The other region of Lebanon which escapes inclusion in the Syrian-Israeli ac- cord is the Christian belt north of Beirut, which has its own access to the sea and its own relative autonomy. The Christians both need partition and reject it. They ruled the country for so long that they cannot ever fully acknowledge the end of their own dominion. But mastery in a kind of Crusader ghetto may be the best they can now achieve. To get to their capital of Jounieh, you have to cross the appalling central belt of Beirut, where for street after street and block after block everything is scorched and desolate. This was the business and banking quarter — Beirut is one of the few cities where a civil war has been fought in the opulent areas rather than in the suburbs and shanty towns.
When you reach Jounieh, you can see where the banks and the businesses have gone. The place is full of semi-chic and pseudo-French effects, with new building and investment in evidence everywhere. The militia of the Phalange Party are always on view, much better groomed than their Syrian or Palestinian counterparts. The craggy face of Pierre Gemayal, the old Fascist leader who has now ceded power to his two sons, glares from large hoardings like some forgotten patriot of the Fourth Republic. In every palpable way, you have entered another country. Here, sympathy for Israel is widespread, but it's unlikely to take, as it once did, the shape of a formal military alliance. As long as the Christians stay well out of regional politics, the Syrians are inclined to leave them alone. Christian spokesmen say privately that the Americans have told them this is a smart policy.

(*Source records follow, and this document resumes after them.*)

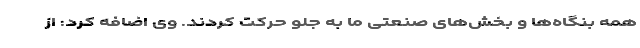
همه بنگاه‌ها و بخش‌های صنعتی ما به جلو حرکت کردند. وی اضافه کرد: از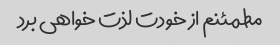
مطمئنم از خودت لذت خواهی برد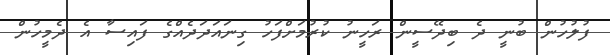
ފުލުހުން ބުނީ ދެ ބިދޭސީން ރަހީނު ކުރުމަށްފަހު ގިނައަދަދެއްގެ ފައިސާ އެ ދެމީހުން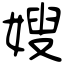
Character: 嫂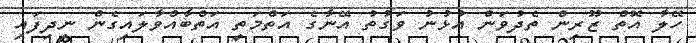
ހޭލާ އޮތް ޒޫރިން ތެދުވަން އުޅުނު ވަގުތު އޭނާގެ އަތްމަތީ އަތްބާއްވާލައިގެން ނިދިފައި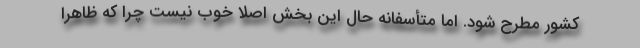
کشور مطرح شود. اما متأسفانه حال این بخش اصلاً خوب نیست چرا که ظاهراً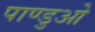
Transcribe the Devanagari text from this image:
पाण्डुओ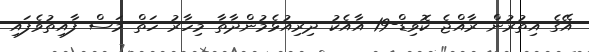
އޭގެ އިތުރުން ރާއްޖެ ކޮވިޑް-19 އާއެކު ދިރިއުޅެމުންދާތާ މިހާރު ހަތް މަސް ފާއިތުވެފައި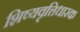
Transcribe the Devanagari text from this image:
शिष्यवृत्तिधारक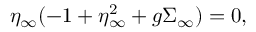
\eta _ { \infty } ( - 1 + \eta _ { \infty } ^ { 2 } + g \Sigma _ { \infty } ) = 0 ,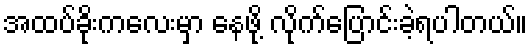
အထပ်ခိုးကလေးမှာ နေဖို့ လိုက်ပြောင်းခဲ့ရပါတယ်။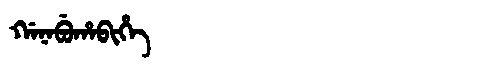
Manchu: ᡤᠠᠨᠠᠪᡠᡥᠠᠪᡳᡥᡝ
Romanization: GANABUHABIHE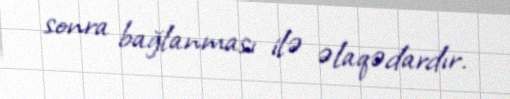
sonra bağlanması ilə əlaqədardır.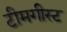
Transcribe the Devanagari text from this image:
टीमगीस्ट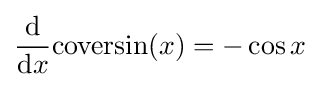
{\frac {\mathrm {d} }{\mathrm {d} x}}\mathrm {coversin} (x)=-\cos {x}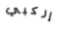
إركبي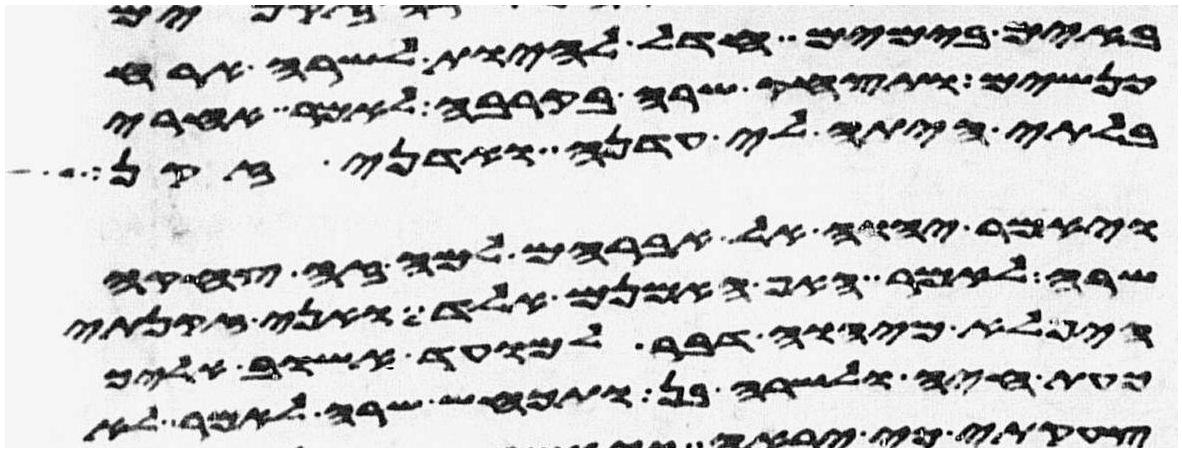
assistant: באים בימים חדל להיות לשרה ארח
כנשים ותצחק שרה בקרבה לאמר אחרי
בלתי היתה לי עדנה ואדני זקן
ויאמר יהוה אל אברהם למה זה צחקה
שרה לאמר האף אמנם אלד ואני זקנתי
היפלא מיהוה דבר למועד אשוב אליך
כעת חיה ולשרה בן ותכחש שרה לאמר לא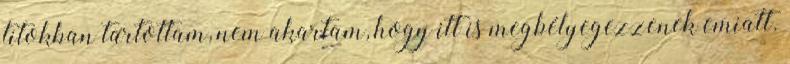
titokban tartottam, nem akartam, hogy itt is megbélyegezzenek emiatt.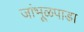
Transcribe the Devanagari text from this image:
जांभूळपाडा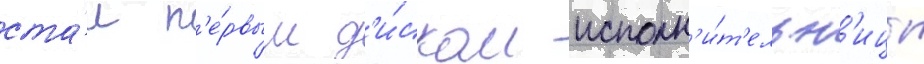
ста́л п'е́рвым д'и́ском исполн'и́т'ельн'ицы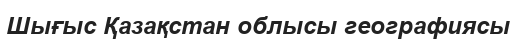
Шығыс Қазақстан облысы географиясы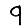
Digit: 9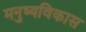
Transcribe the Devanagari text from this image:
मनुष्यविकास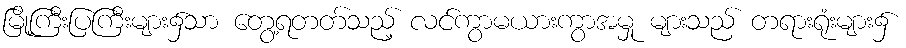
မြို့ကြီးပြကြီးများ၌သာ တွေ့ရတတ်သည့် လင်ကွာမယားကွာအမှု များသည် တရားရုံးများ၌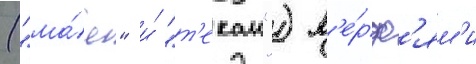
("ма́я" и́ "т'екаи") в'е́рф'ям'и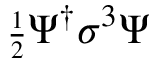
{ \scriptstyle \frac { 1 } { 2 } } \Psi ^ { \dagger } \sigma ^ { 3 } \Psi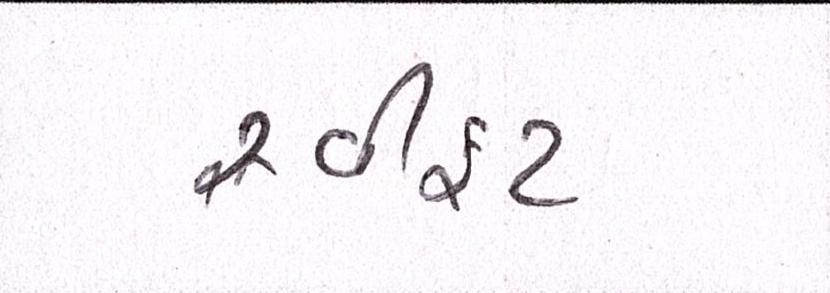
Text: સ્વીફટ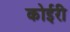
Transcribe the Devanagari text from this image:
कोईरी
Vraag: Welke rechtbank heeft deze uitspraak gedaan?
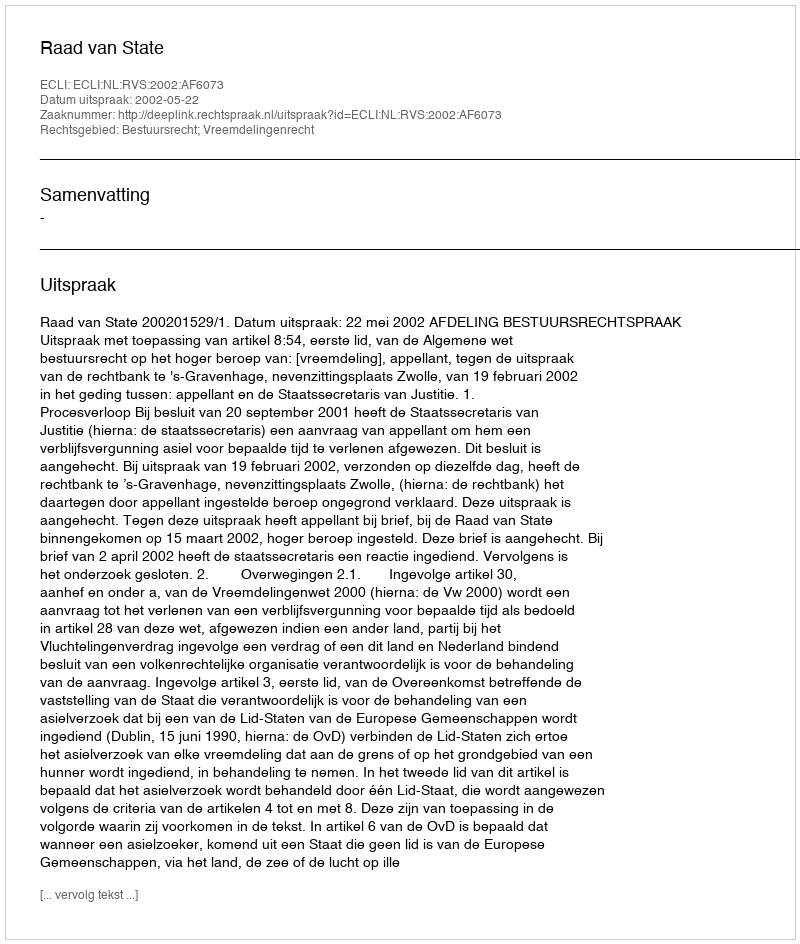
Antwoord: Raad van State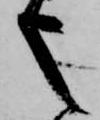
也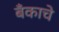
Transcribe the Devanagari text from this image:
बँकाचे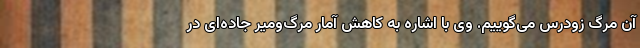
آن مرگ زودرس می‌گوییم. وی با اشاره به کاهش آمار مرگ‌ومیر جاده‌ای در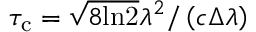
\tau _ { \mathrm { c } } = \sqrt { 8 \mathrm { l n 2 } } \lambda ^ { 2 } / \left( c \Delta \lambda \right)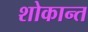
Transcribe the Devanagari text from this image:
शोकान्‍त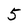
Character: 5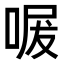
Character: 𭈩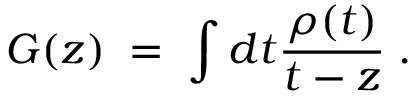
G ( z ) \; = \; \int d t \frac { \rho ( t ) } { t - z } \; .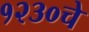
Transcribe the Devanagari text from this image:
१२३०चे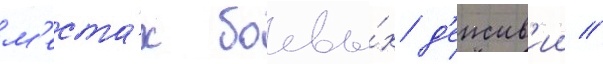
м'еста́х боевы́х д'еиств'ии //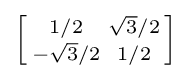
\left[{\begin{smallmatrix}1/2&{\sqrt {3}}/2\\-{\sqrt {3}}/2&1/2\\\end{smallmatrix}}\right]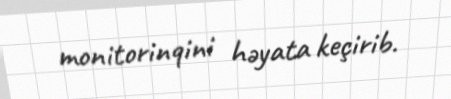
monitorinqini həyata keçirib.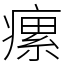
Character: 瘰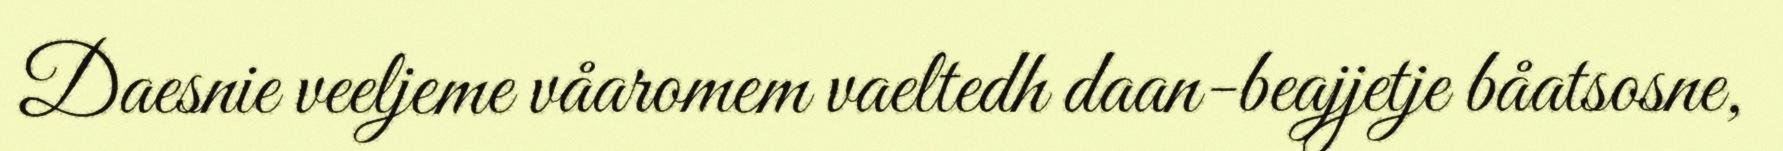
Daesnie veeljeme våaromem vaeltedh daan-beajjetje båatsosne,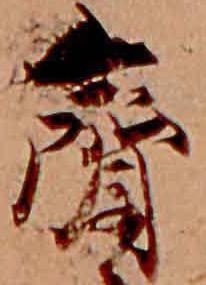
斎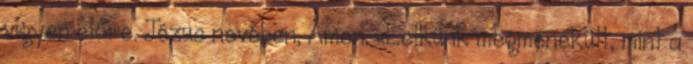
vigyen előre. Jézus nevében, Ámen. „Lelkünk megmenekült, mint a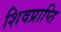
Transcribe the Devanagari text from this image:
शिवप्राप्ति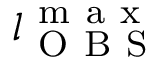
l _ { \mathrm { ~ O ~ B ~ S ~ } } ^ { \mathrm { ~ m ~ a ~ x ~ } }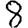
Digit: 8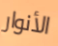
الأنوار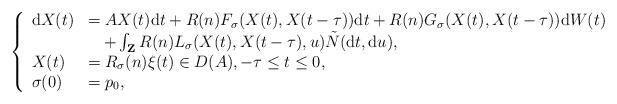
LaTeX: \begin{align*} \left\{ \begin{array}{ll} \mathrm{d}X(t)&=AX(t)\mathrm{d}t+R(n)F_{\sigma}(X(t),X(t-\tau))\mathrm{d}t+R(n)G_{\sigma}(X(t),X(t-\tau))\mathrm{d}W(t)\\&\quad+\int_{\mathbf{Z}}R(n)L_{\sigma}(X(t),X(t-\tau),u)\tilde{N}(\mathrm{d}t,\mathrm{d}u), \\X(t)&=R_{\sigma}(n)\xi(t)\in D(A),-\tau\leq t\leq0,\\\sigma(0)&=p_{0},\end{array} \right.\end{align*}

So Lebanon will continue to exist on the map, and Beirut will continue to be a place d'annes for every quarrel in the region. But gradually greater Syria is living up to its dream of recovering lost territory, and greater Israel is asserting its sovereignty too. In between are the Palestinians, now loved by almost nobody. I would very much like to know who shot Ambassador Argov. Usually, these things turn out to have been done by the Al Fatah renegade Abu Nidal, who used to operate from Baghdad in his campaign against the 'sell-out' leadership of Yasser Arafat. He has now moved his headquarters to Damascus in the course of the byzantine feud between the two capitals. You can start to believe anything after a week or two in Beirut, so I will say no more except that I hope Mr Argov will recover and will consider himself properly avenged.